Seit Herbst 1981 arbeitete Schulze dann als Fürsorger im Dekanat Bernburg, wo er mit einem breiten Spektrum von Aufgaben konfrontiert war. Die Arbeit mit körper- und psychischbehinderten Menschen gehörte ebenso dazu wie die Vermittlung von Kinder-Erholungsplätzen oder die Begleitung von Häftlingen. Auch einzelne Ausreisewillige kamen zu ihm. Dankbar erinnert sich der Sozialarbeiter an die hohe Akzeptanz im Dekanatsklerus. "Ich war voll und ganz in die Konferenzen der Seelsorger eingebunden. Das war nicht zuletzt für die gemeinsame Arbeit eine prima Sache."

1990 wechselte Schulze nach Magdeburg. Seine 1987 übernommene Aufgabe, gleichgeschlechtlich lebende Menschen sowie HIV-Infizierte und Aidser- krankte zu begleiten, forderte ihn zunehmend, so dass daraus eine volle Stelle wurde. Seine Beratungstätigkeit für Homosexuelle wird vom Land gefördert.

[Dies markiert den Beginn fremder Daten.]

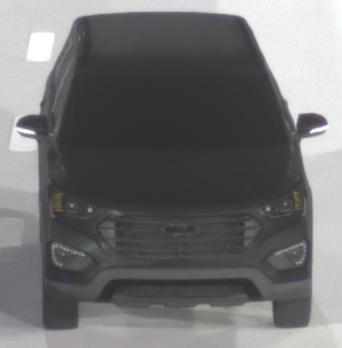
Make: Hyundai
Model: Santa Fe 2.4 GDI
Detailed model: Santa Fe (DM)
Model produced from: 2017/08
Model produced until: 2018/01
Doors: 5
Color: black
Road condition: dry road
Daytime: night
Contrast: high contrast
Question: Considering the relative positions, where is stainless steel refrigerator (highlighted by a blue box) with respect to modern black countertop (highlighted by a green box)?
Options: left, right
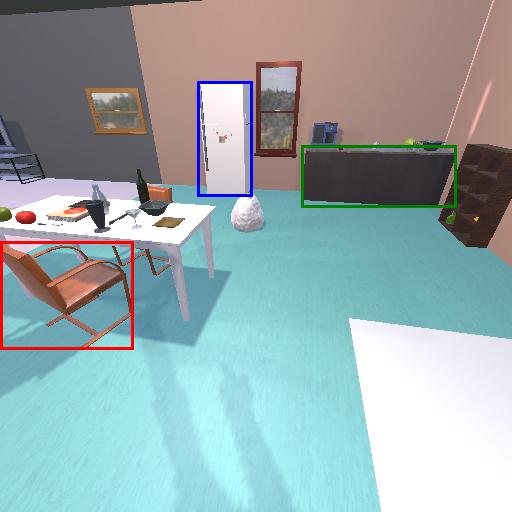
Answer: left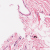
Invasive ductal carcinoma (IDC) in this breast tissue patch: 0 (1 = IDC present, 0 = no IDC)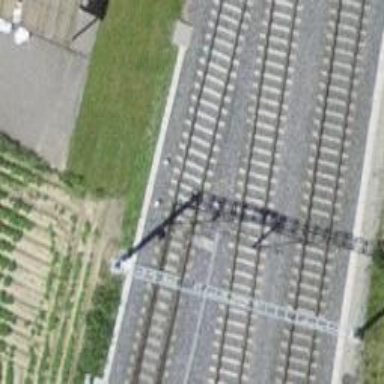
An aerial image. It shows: Railway switch.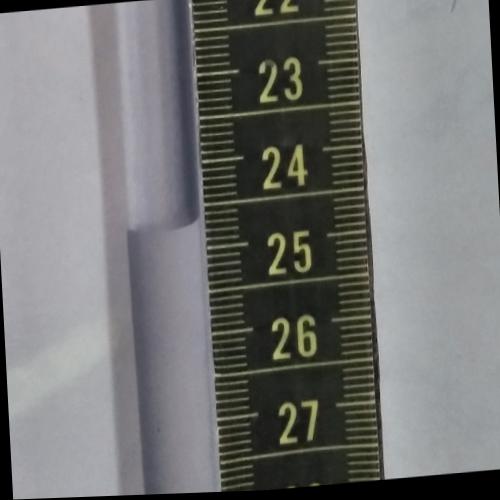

Mit der Beratung von Betroffenen des DDR-Unrechts hat der Sozialarbeiter nun einen zusätzlichen Bereich übernommen. In Zusammenarbeit mit der Landesbeauftragten für die Stasi- Unterlagen bietet er Betroffenen psychosoziale Beratung an: Er berät zum Beispiel in Landratsämtern über Möglichkeiten der staatlichen Rehabilitation, hilft, Anträge auf Akteneinsicht auszufüllen, bietet Unterstützung an, traumatische Erlebnisse aufzuarbeiten. Und sein Angebot ist durchaus gefragt, wie er sagt.

Neben der Aidsprävention hat Schulze damit eine weitere Aufgabe, die ihn viel unterwegs und außerhalb des Berufes um so lieber zu Hause sein lässt. Denn das gehört auch zu Hans-Peter Schulze: Als Privatmann besucht er gern Freunde, ist in Selbsthilfegruppen engagiert, liest interessante Bücher oder geht in Popkonzerte. "Das lässt mich dann auch abschalten und Kraft für den Berufsalltag gewinnen", sagt er.

Eckhard Pohl

Dieser Beitrag wurde veröffentlicht in Ausgabe 45 des 52. Jahrgangs (im Jahr 2002).